Anne, this is great! I assume (since you would have indicated otherwise) that you wrote this review. And that, even though we are a highly discerning community here on OBC Connect, the fact that you have been more thorough in your report and documentation than even we demand ;-) suggests that you wrote the review for a yet wider audience!

I certainly agree with Sheldrake's points (so much so that I have included the 10-point summary again below). The one observation that I would make (and Sheldrake may have clarified this somewhere in the book) is that even though Scientific Materialism--also known as Scientism or Scientific Reductionism--may permeate the culture of science, and has been adopted by some (but by no means all) scientists, it actually has nothing to do with science itself (which is, after all, Sheldrake's main point anyway, I think).

Full on scientific reductionism would add an 11th Core Belief: only assertions of truth that can be confirmed through physical measurement can be considered to be true. All other epistemological methodologies (including reason and mystical experience) are therefore invalid by virtue of this core belief.

The root flaw in Materialism, embodied by Core Belief 11--is that it's foundational belief cannot be proven through physical measurement--the methodology that scientific materialism insists is the only valid means of determining truth!

Anne wrote:


In The Science Delusion: Freeing the Spirit of Enquiry, Rupert Sheldrake examines “ten core beliefs that most scientists take for granted” which “make up the philosophy or ideology of materialism, whose central assumption is that everything is essentially material or physical, even minds”:
1. Everything is essentially mechanical. “Dogs, for example, are complex mechanisms, rather than living organisms with goals of their own. Even people are machines…with brains that are like genetically programmed computers.”
2. All matter is unconscious. It has no inner life or subjectivity or point of view. Even human consciousness is an illusion produced by the material activities of brains.
3. The total amount of matter and energy is always the same (with the exception of the Big Bang, when all the matter and energy of the universe suddenly appeared).
4. The laws of nature are fixed. They are the same today as they were at the beginning, and they will stay the same for ever.
5. Nature is purposeless, and evolution has no goal or direction.
6. All biological inheritance is material, carried in the genetic material, DNA, and in other material structures.
7. Minds are inside heads and are nothing but the activities of brains. When you look at a tree, the tree you are seeing is not ‘out there’, where it seems to be, but inside your brain.
8. Memories are stored as material traces in brains and are wiped out at death.
9. Unexplained phenomena like telepathy are illusory.
10. Mechanistic medicine is the only kind that really works.

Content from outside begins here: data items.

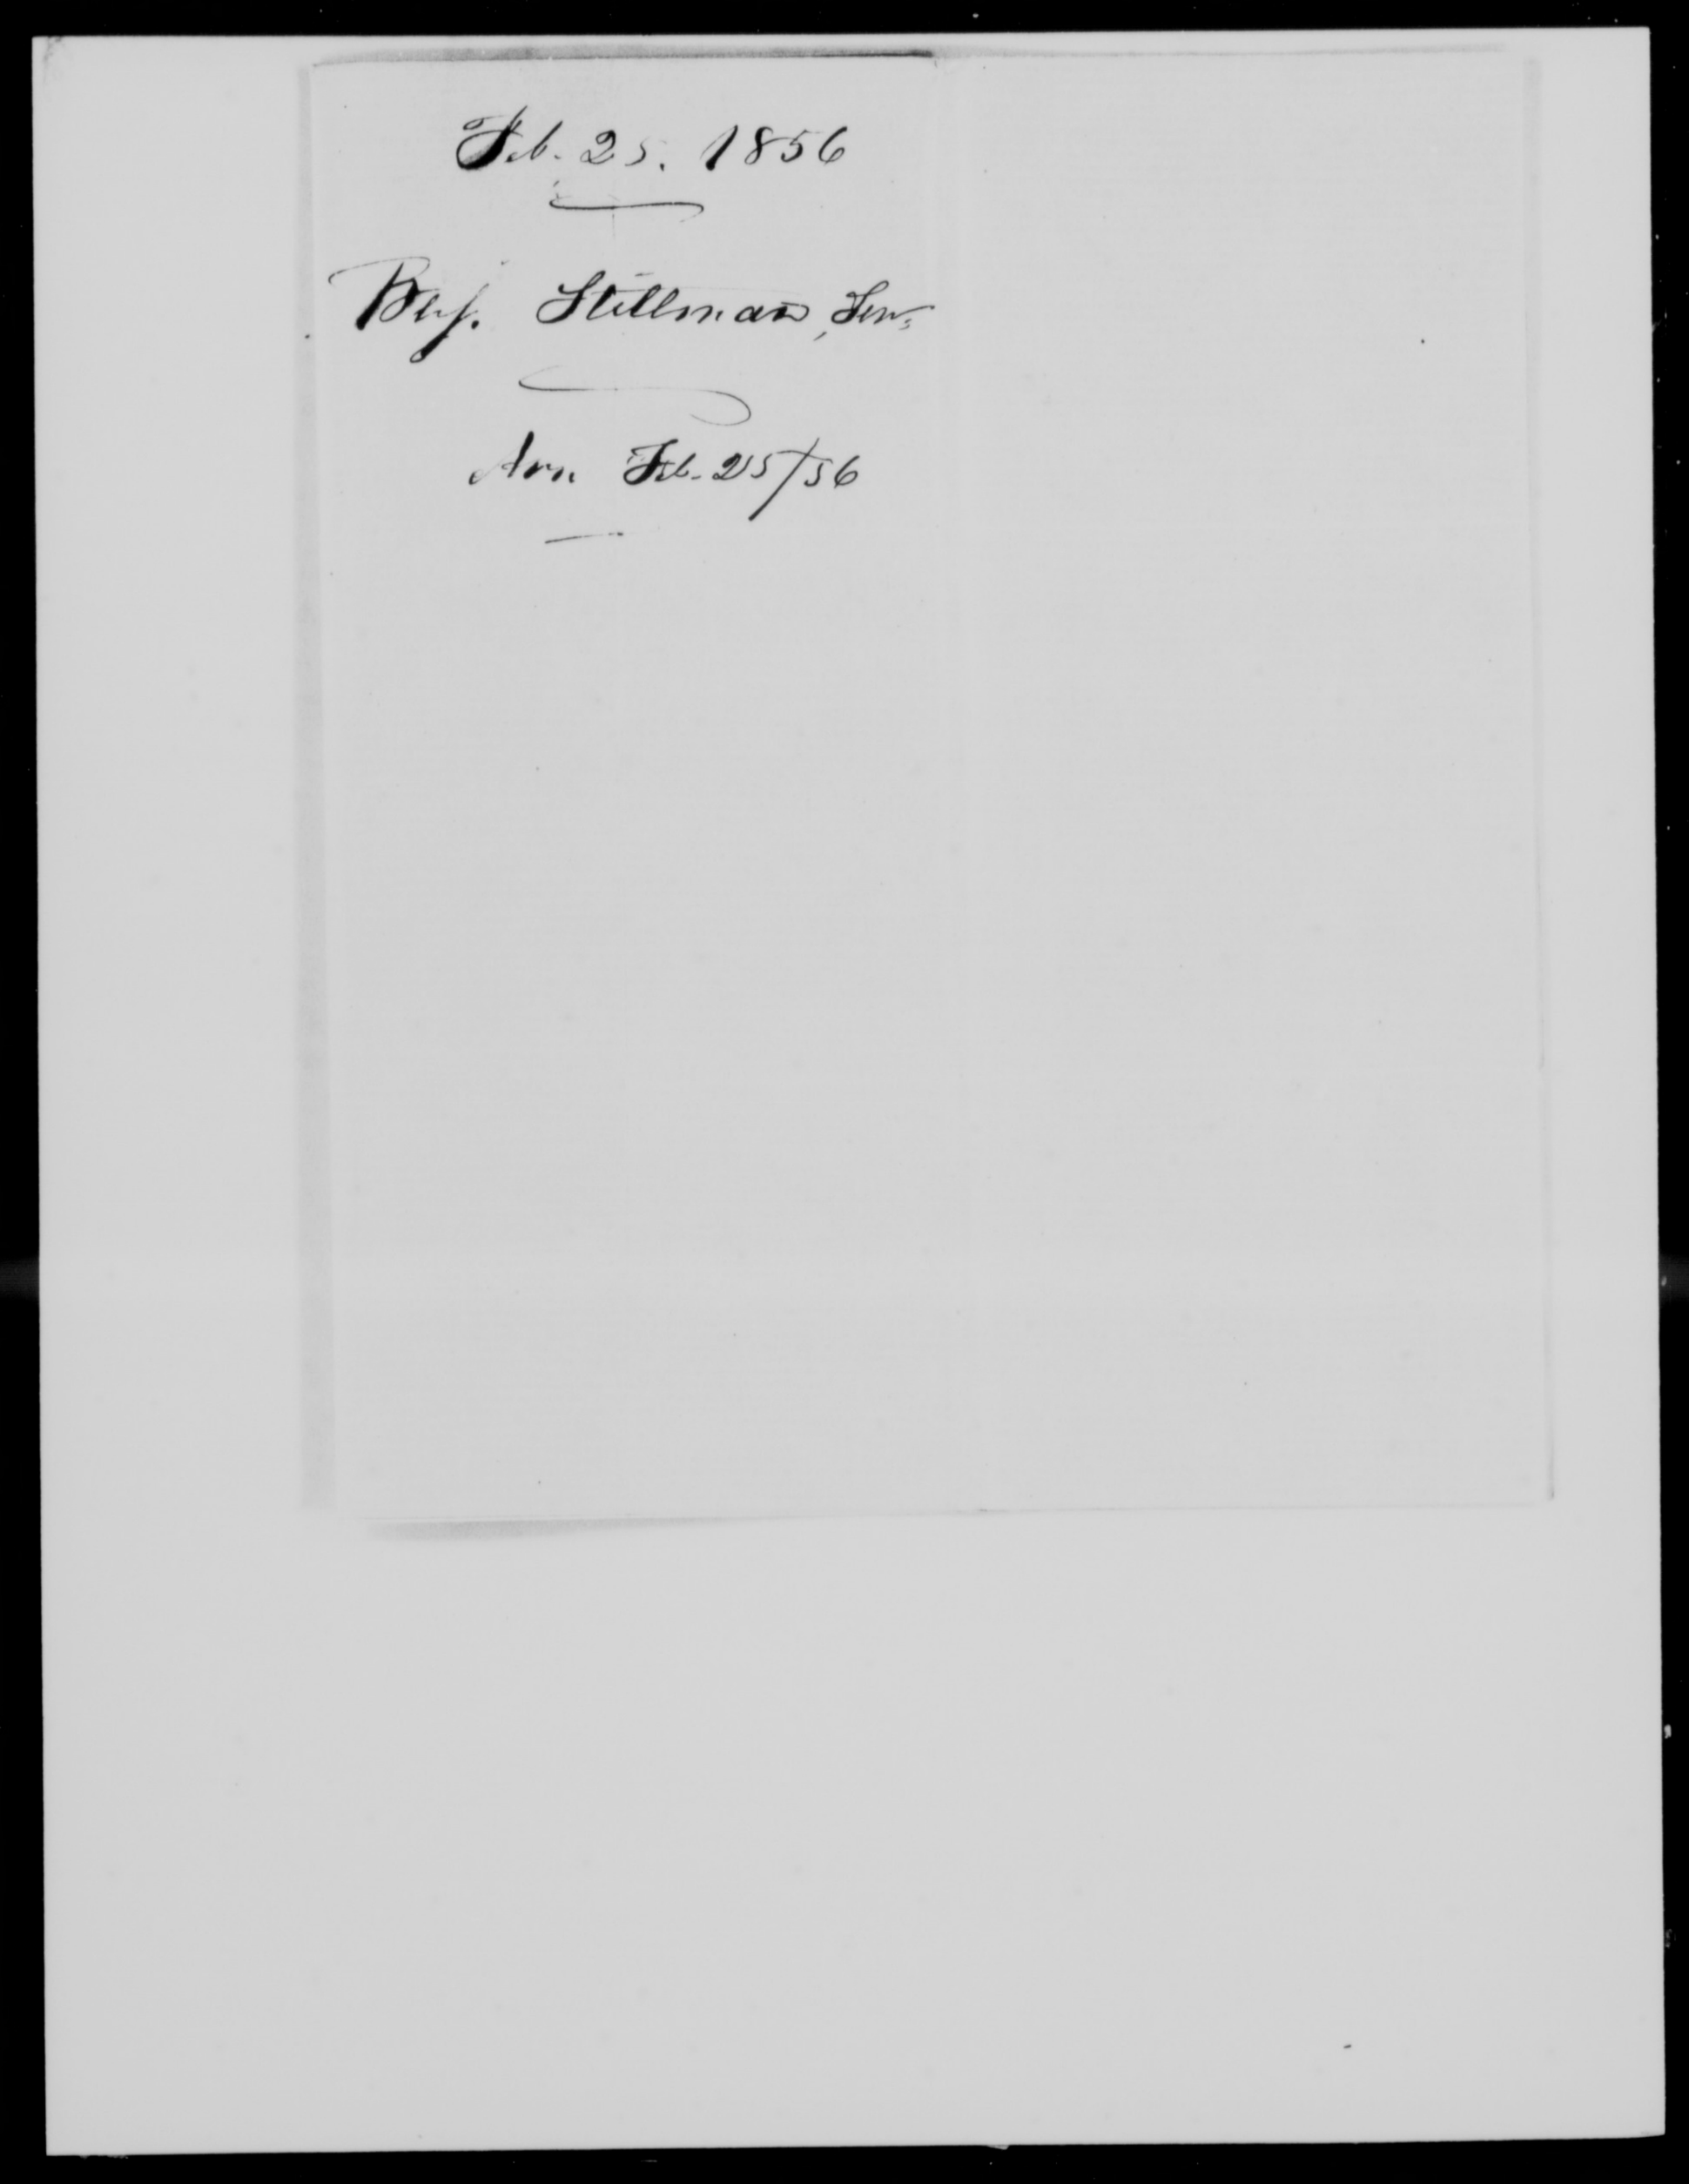Feb. 25. 1856
Benj. Stillman Sen.
Adm Feb. 25/56

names: Benj Stillman
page: 20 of 29
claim: bounty land warrant
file: B.L.Wt.47987-160-55, for Benjamin Stillman, Rhode Island
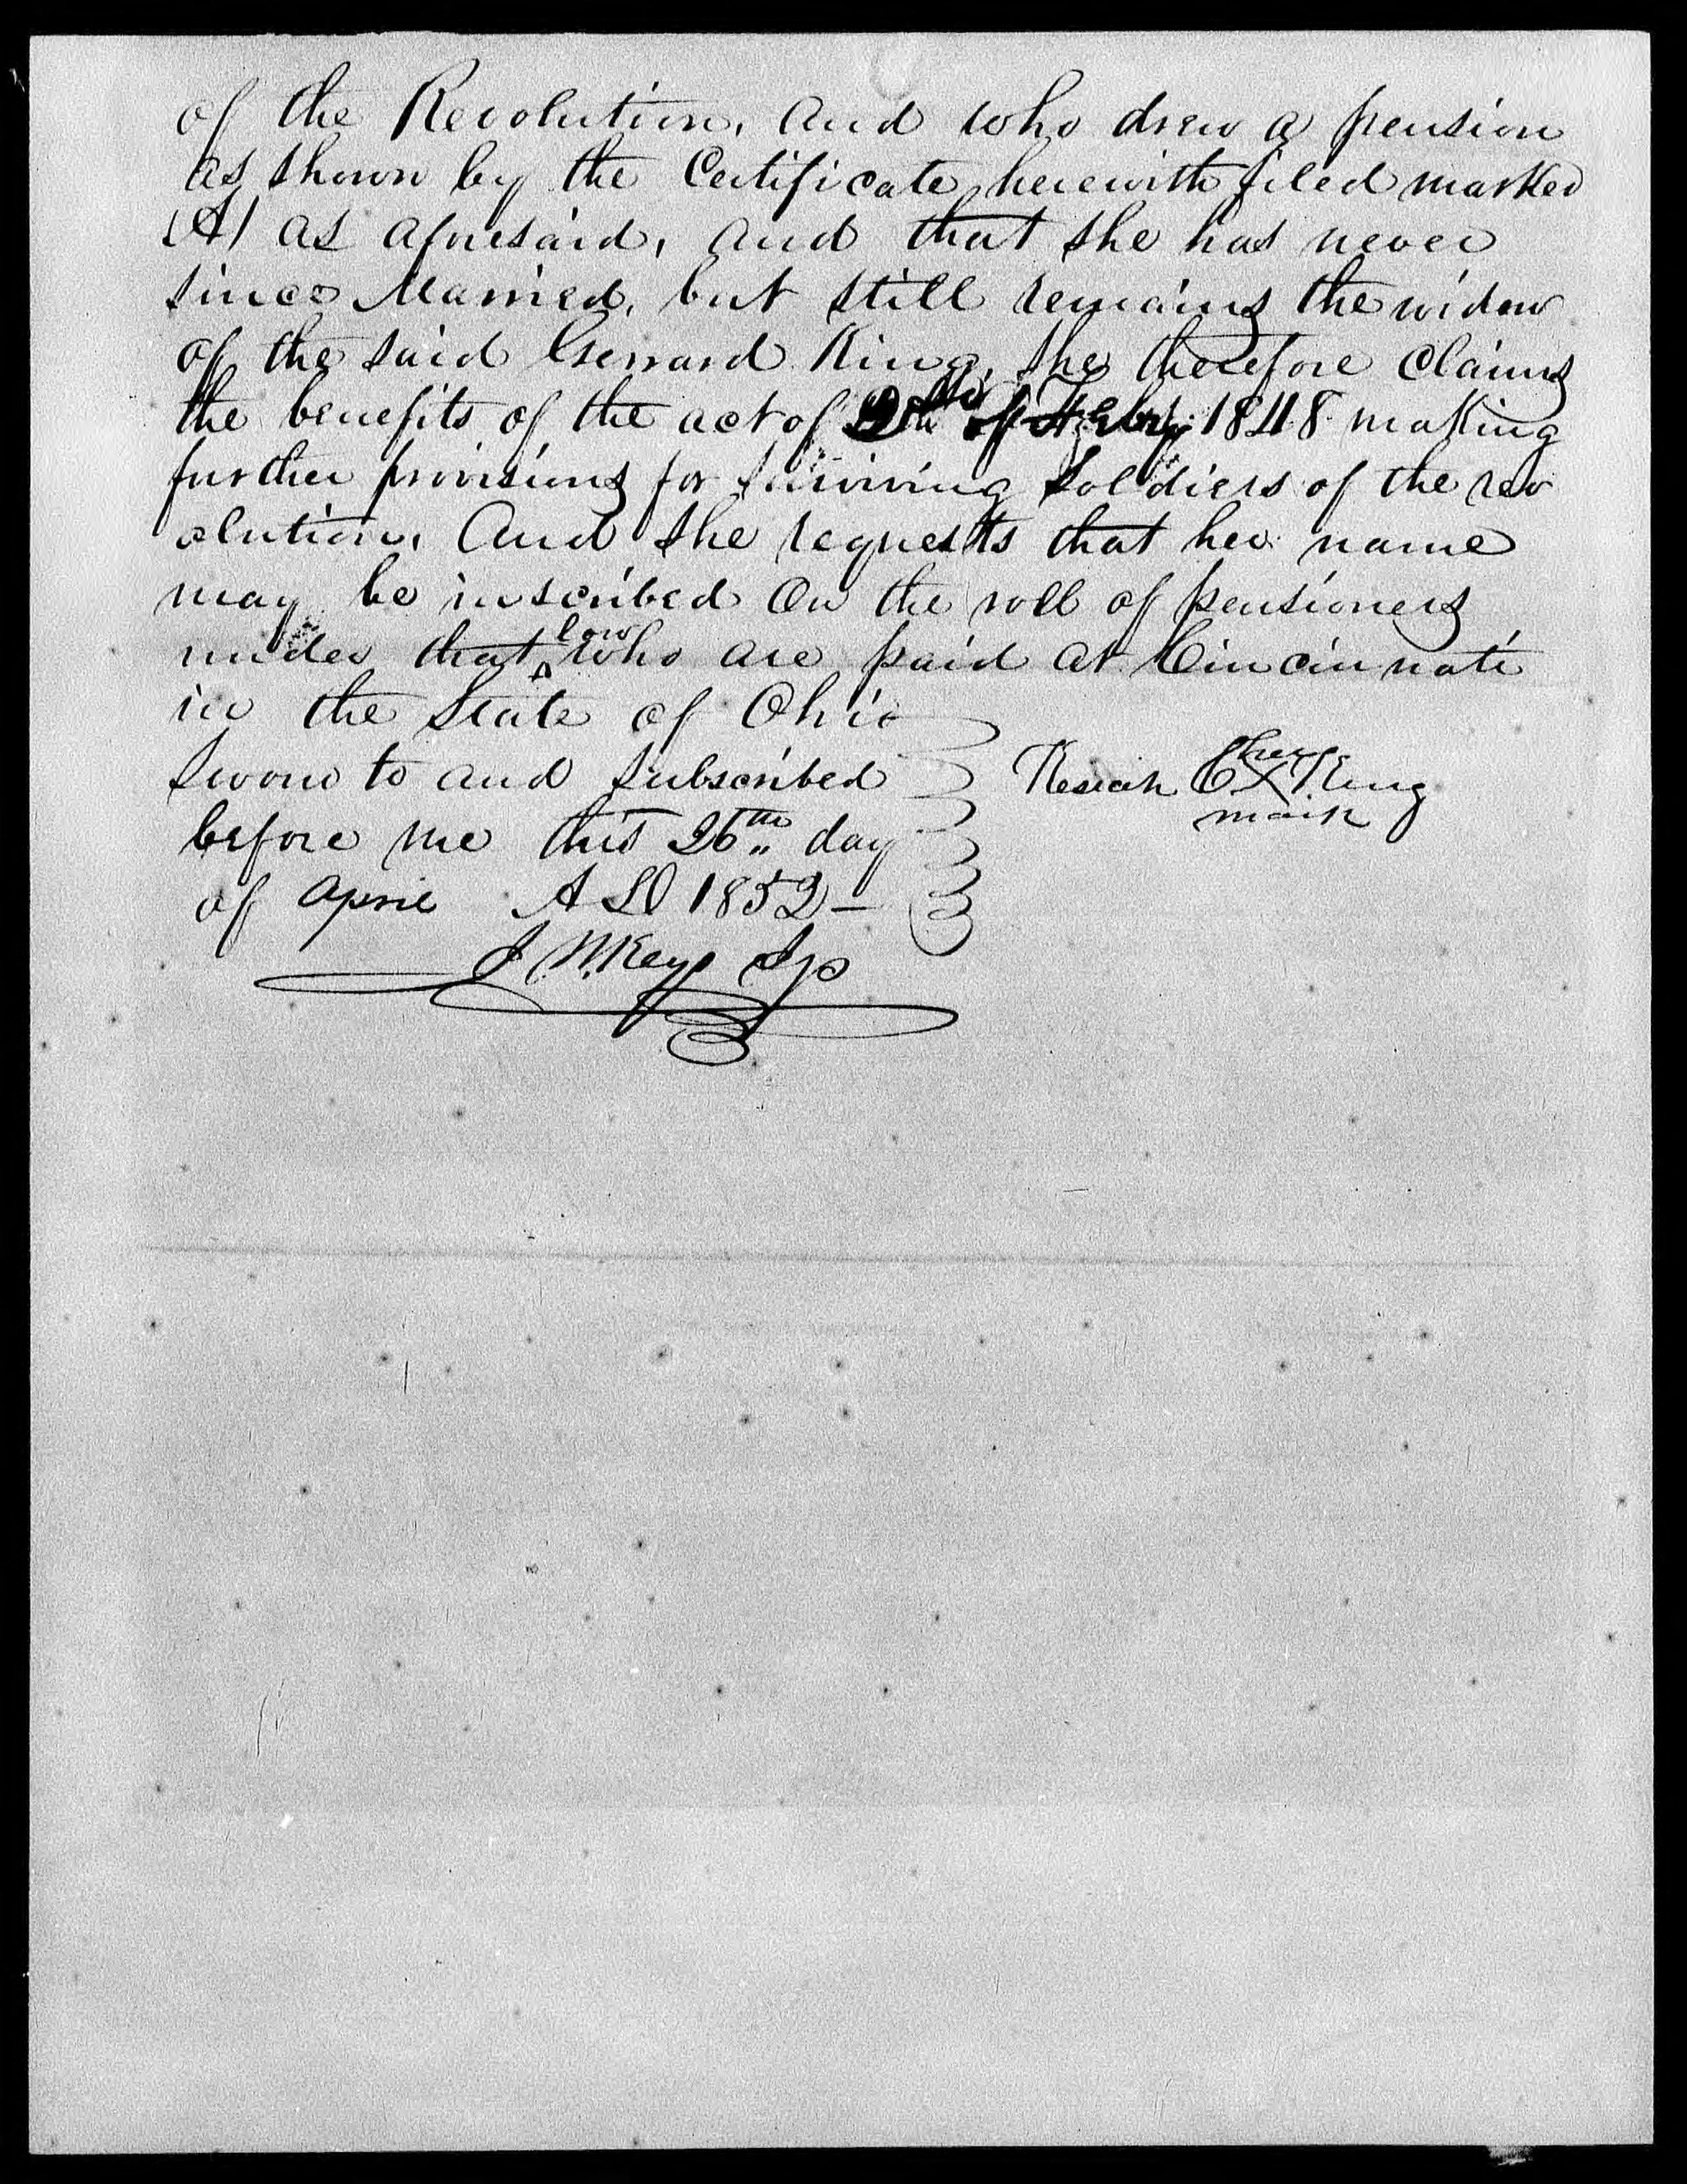of the Revolution and who drew a pension as shown by the Certificate herewith filed marked (A) as aforesaid, and that had never since married but still remains the widow of the said Gerrard King.  She therefore claims the benefits of the Act of [illegible] 1848 making further provisions surviving Soldiers of the Revolution, and she requests that her made may be inscribed on the roll of pensioners under that who are paid at Cincinnati in the State of Ohio
Sworn to and Subscribed before me this 26th day of April AD 1852
J W [illegible]

Kesiah S. King
her X mark

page: 7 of 45
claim: widow's
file: W. 7984, for Gerrard King, Virginia

In his prologue on “Science, Religion and Power”, Rupert Sheldrake refers to The Structure of Scientific Revolutions, an influential book (pub 1962) by science historian Thomas Kuhn, who argued that “in periods of ‘normal’ science, most scientists share a model of reality and a way of asking questions that he called a paradigm. The ruling paradigm defines what kinds of questions scientists can ask and how they can be answered. Normal science takes place within this framework and scientists usually explain away anything that does not fit. Anomalous facts accumulate until a crisis point is reached. Revolutionary changes happen when researchers adopt more inclusive frameworks of thought and practice, and are able to incorporate facts that were previously dismissed as anomalies. In due course the new paradigm becomes the basis of a new phase of normal science.”

I think that Kuhn's description (the second part of what I've quoted from you above) of the impact, on scientists, of whatever the current, dominant, paradigmatic framework of reality is--is a perfect description of religion in general, and Buddhism in particular. I would propose that we are in the middle of just such a paradigmatic revolution right now--in western Buddhism--and on this site!

I have come to the conclusion that Buddhist teaching contains significant gaps, or missing links, that have resulted in a subtle yet significant misunderstanding of what suffering is, the causal dynamic by which it comes about, and what is required for its healing and transformation.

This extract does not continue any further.